The articles “Battle Blister Beetles” and “Travelin' Man” in your March 2003 issue (pages 22, 24) unfairly singled out the state of Oklahoma. This was all based on hearsay without any proof that “Oklahoma is full of blister beetles.” It's simply not true.
Articles like these damage the reputation of growers who have provided hay to the horse industry for many years without problems. Mr. Mayer fails to address the basic issue in that beetles are swarming insects and don't honor state lines.
I was disappointed that he did not share his protocol for detecting blister beetles or the toxin in hay that he purchases. Obviously, he has some type of method or he wouldn't be driving thousands of miles to buy baled hay free of the insects. That would have been most valuable as there is no known method to determine the presence or absence of the toxin in baled hay.

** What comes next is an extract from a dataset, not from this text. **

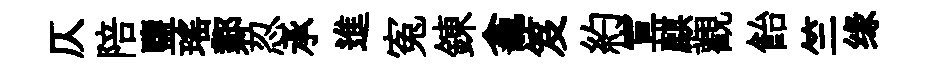
仄陪鹽瑤鄴忍承進寃錬龕笈約宣麒觀飴竺缘
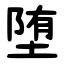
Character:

It's a given that blister beetle toxin is lethal to horses. However, there are several myths associated with the toxin. One myth: A single portion of one beetle, such as the wing, is sufficient to kill a horse. Research by a toxicologist at a veterinary college showed that an 800-lb horse would have to ingest 25 blister beetles to cause death. The toxin, cantharidin, is similar to capsicum, which is the “heat” in hot peppers.
Articles like these that will result in irreparable harm to a particular state have no place in Hay & Forage Grower.